# PROBLEM REQUIREMENTS:
Pull every line with "evenodd" from the data below and copy it.

** Opening RAW DATA block **

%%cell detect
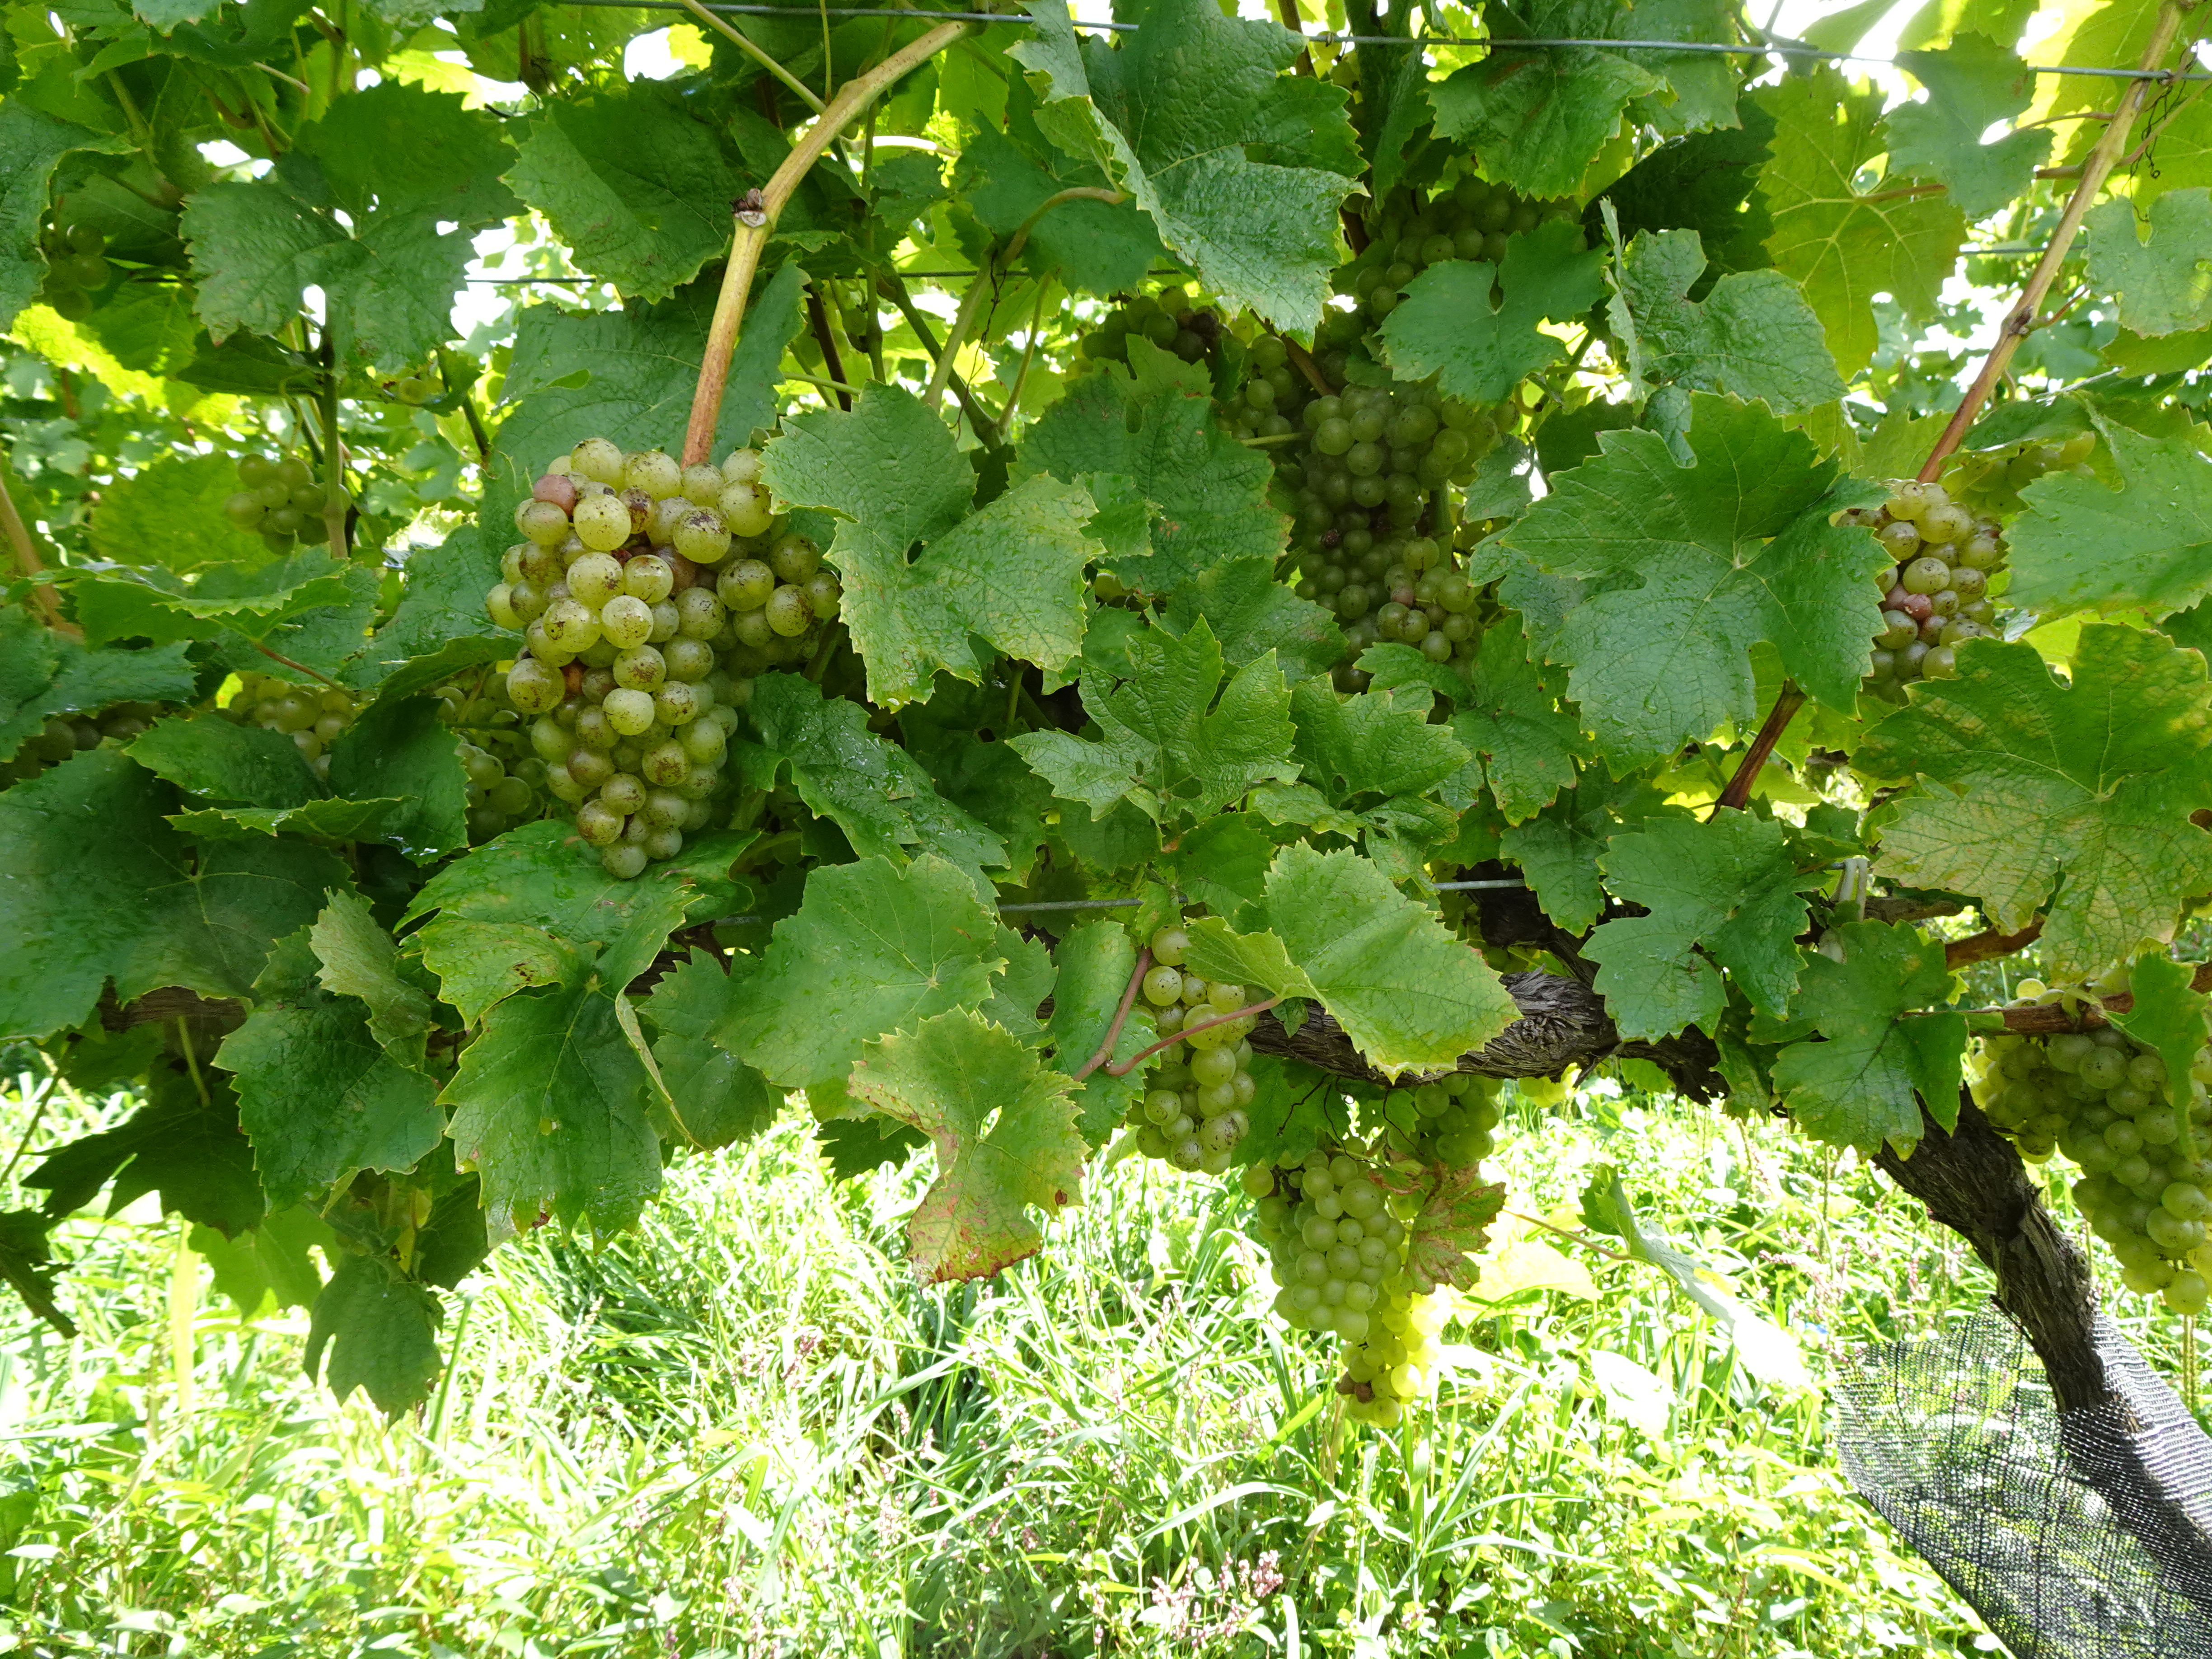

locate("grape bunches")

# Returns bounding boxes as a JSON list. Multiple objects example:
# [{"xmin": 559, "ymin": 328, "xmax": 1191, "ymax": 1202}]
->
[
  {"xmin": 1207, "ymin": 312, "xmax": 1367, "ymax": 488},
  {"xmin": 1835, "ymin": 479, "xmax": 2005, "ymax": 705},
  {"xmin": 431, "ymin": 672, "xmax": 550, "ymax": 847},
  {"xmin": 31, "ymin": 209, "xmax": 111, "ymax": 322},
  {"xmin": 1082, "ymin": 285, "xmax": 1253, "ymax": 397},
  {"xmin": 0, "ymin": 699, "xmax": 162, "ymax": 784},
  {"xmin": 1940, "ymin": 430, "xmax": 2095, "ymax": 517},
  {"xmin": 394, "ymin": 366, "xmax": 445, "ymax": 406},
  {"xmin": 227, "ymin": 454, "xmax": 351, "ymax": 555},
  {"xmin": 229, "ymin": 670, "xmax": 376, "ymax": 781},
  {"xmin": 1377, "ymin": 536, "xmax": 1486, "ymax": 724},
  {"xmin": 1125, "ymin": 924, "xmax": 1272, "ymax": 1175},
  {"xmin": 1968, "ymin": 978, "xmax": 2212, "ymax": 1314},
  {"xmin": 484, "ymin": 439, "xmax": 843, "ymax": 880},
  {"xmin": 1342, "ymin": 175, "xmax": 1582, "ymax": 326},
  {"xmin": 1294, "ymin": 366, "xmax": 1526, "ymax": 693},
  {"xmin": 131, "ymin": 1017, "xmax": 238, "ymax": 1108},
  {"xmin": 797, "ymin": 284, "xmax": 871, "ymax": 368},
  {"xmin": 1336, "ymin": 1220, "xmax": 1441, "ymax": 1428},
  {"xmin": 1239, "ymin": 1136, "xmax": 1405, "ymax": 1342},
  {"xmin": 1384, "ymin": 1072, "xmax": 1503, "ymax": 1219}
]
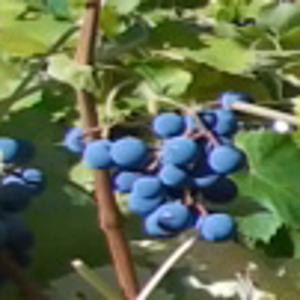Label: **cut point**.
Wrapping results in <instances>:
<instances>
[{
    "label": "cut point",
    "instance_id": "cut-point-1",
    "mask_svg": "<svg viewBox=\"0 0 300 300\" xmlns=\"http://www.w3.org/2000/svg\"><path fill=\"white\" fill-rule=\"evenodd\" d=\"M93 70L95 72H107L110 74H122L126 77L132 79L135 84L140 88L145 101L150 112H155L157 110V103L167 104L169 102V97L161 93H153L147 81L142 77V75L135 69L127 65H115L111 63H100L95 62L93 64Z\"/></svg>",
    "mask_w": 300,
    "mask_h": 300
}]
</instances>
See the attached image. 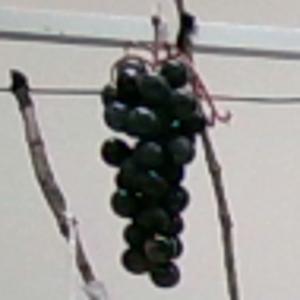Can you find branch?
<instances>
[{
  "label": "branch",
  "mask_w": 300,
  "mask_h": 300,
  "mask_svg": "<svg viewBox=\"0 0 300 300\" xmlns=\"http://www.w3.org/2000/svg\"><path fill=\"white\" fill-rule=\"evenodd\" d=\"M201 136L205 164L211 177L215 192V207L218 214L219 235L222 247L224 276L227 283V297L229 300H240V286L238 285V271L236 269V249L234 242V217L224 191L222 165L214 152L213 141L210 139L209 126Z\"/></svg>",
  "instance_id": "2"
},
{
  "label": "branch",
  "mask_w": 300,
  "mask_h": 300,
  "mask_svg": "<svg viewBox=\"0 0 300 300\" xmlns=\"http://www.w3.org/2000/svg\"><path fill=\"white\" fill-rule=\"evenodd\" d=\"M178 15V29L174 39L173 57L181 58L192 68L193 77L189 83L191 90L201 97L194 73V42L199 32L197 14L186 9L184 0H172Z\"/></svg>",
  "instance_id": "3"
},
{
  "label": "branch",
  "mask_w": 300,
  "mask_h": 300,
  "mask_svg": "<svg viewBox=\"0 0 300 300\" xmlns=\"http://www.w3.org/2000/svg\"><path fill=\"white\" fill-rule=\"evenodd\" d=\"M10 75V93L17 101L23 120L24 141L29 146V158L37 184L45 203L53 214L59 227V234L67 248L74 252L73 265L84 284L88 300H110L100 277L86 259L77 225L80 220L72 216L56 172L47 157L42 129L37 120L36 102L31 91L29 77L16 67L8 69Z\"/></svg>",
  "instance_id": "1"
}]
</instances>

** Closing RAW DATA block **

# TASK SOLUTION:
    "mask_svg": "<svg viewBox=\"0 0 300 300\" xmlns=\"http://www.w3.org/2000/svg\"><path fill=\"white\" fill-rule=\"evenodd\" d=\"M93 70L95 72H107L110 74H122L126 77L132 79L135 84L140 88L145 101L150 112H155L157 110V103L167 104L169 102V97L161 93H153L147 81L142 77V75L135 69L127 65H115L111 63H100L95 62L93 64Z\"/></svg>",
  "mask_svg": "<svg viewBox=\"0 0 300 300\" xmlns=\"http://www.w3.org/2000/svg\"><path fill=\"white\" fill-rule=\"evenodd\" d=\"M201 136L205 164L211 177L215 192V207L218 214L219 235L222 247L224 276L227 283V297L229 300H240V286L238 285V271L236 269V249L234 242V217L224 191L222 165L214 152L213 141L210 139L209 126Z\"/></svg>",
  "mask_svg": "<svg viewBox=\"0 0 300 300\" xmlns=\"http://www.w3.org/2000/svg\"><path fill=\"white\" fill-rule=\"evenodd\" d=\"M178 15V29L174 39L173 57L181 58L192 68L193 77L189 83L191 90L201 97L194 73V42L199 32L197 14L186 9L184 0H172Z\"/></svg>",
  "mask_svg": "<svg viewBox=\"0 0 300 300\" xmlns=\"http://www.w3.org/2000/svg\"><path fill=\"white\" fill-rule=\"evenodd\" d=\"M10 75V93L17 101L23 120L24 141L29 146V158L37 184L45 203L53 214L59 227V234L67 248L74 252L73 265L84 284L88 300H110L100 277L86 259L77 225L80 220L72 216L56 172L47 157L42 129L37 120L36 102L31 91L29 77L16 67L8 69Z\"/></svg>",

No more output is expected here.